C and C++ don't actually have an advantage here because this is only limited to signed integers unless you use compiler-specific intrinsics. Rust's standard library allows you to make overflow on any specific arithmetic operation UB on both signed and unsigned integers.


It's interesting, because it's a "cultural" thing like the author discusses, it's a very good point. Sure, you can do unsafe integer arithmetic in Rust. And you can do safe integer arithmetic with overflow in C/C++. But in both cases, do you? Probably you don't in either case.

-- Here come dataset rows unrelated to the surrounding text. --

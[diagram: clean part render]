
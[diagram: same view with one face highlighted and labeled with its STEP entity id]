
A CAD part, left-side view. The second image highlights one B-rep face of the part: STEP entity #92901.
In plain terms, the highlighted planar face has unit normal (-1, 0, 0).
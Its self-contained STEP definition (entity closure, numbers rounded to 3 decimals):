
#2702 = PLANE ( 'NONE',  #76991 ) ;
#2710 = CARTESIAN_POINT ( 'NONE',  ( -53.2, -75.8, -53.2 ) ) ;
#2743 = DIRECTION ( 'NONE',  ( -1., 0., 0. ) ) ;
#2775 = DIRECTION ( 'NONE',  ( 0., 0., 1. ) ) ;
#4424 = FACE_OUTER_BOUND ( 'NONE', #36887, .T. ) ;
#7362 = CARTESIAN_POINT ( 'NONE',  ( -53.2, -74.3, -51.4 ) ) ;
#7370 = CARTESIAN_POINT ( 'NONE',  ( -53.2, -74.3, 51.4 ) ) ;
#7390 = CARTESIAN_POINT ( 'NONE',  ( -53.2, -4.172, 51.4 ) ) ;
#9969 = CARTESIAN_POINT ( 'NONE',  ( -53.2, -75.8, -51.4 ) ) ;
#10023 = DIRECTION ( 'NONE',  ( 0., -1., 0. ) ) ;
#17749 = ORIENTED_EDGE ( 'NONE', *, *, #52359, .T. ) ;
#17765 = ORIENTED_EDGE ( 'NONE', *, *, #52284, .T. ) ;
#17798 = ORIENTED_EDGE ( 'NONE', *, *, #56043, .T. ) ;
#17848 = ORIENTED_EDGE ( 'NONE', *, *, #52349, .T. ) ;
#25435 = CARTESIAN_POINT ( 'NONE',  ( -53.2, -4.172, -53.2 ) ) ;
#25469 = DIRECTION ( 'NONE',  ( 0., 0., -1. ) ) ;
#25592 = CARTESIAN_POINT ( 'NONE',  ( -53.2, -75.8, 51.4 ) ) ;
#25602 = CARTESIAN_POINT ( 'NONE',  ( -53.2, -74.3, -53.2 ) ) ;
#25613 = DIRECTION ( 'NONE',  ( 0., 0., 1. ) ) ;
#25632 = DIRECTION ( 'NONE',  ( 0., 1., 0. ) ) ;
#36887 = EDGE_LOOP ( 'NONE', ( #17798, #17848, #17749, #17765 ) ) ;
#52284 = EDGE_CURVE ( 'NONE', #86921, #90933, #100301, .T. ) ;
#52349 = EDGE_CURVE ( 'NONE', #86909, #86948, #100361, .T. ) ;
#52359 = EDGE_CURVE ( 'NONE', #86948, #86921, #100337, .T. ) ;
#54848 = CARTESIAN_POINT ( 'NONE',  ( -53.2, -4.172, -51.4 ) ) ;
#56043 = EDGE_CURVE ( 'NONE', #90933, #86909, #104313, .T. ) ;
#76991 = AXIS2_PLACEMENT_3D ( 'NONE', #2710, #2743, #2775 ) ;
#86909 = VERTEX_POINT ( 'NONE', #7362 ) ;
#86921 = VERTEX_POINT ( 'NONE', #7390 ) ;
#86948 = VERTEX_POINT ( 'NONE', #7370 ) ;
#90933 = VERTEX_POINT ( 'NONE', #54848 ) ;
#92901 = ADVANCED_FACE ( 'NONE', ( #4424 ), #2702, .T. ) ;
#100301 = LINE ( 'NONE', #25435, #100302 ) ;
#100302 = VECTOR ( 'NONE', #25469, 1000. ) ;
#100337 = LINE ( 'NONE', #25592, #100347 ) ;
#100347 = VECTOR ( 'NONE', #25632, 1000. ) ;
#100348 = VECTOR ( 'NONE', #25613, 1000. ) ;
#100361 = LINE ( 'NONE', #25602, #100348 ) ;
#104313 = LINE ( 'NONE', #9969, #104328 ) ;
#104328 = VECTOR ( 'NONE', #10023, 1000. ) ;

"Culturally", C/C++ has opted for "unsafe-but-high-perf" everywhere, and Rust has "safe-but-slightly-lower-perf" everywhere, and you have to go out of your way to do it differently. Similarly with Zig and memory allocators: sure, you can do "dynamically dispatched stateful allocators that you pass to every function that allocates" in C, but do you? No, you probably don't, you probably just use malloc().

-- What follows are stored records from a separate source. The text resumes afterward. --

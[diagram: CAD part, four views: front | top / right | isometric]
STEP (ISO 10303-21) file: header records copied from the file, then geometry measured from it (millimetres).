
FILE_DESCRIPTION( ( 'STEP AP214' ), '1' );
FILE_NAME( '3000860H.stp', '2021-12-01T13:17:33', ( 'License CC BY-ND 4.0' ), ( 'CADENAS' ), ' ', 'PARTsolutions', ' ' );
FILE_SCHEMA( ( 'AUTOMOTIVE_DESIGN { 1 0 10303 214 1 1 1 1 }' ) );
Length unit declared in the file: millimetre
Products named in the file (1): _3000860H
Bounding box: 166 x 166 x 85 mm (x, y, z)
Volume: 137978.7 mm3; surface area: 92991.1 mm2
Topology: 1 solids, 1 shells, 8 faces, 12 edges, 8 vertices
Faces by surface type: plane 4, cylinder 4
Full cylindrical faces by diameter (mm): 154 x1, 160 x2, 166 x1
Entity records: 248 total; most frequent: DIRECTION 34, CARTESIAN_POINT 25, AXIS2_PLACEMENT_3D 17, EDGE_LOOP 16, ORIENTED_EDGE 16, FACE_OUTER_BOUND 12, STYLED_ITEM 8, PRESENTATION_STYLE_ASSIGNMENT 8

On the other hand: the author's point that the "culture of safety" and the borrow checker in Rust frees your hand to try some things in Rust which you might not in C/C++, and that leads to higher perf. I think that's very true in many cases.

Again, the answer is more or less "basically no, all these languages are as fast as each other", but the interesting nuance is in what is natural to do as an experienced programmer in them.


C++ isn't always "unsafe-but-high-perf". Move semantics are a good example. The spec goes to great lengths to ensure safety in a huge number of scenarios, at the cost of performance. Mostly shows up in two ways: one, unnecessary destructor calls on moved out objects, and two, allowing throwing exceptions in move constructors which prevents most optimizations that would be enabled by having move constructors in the first place (there was an article here recently on this topic).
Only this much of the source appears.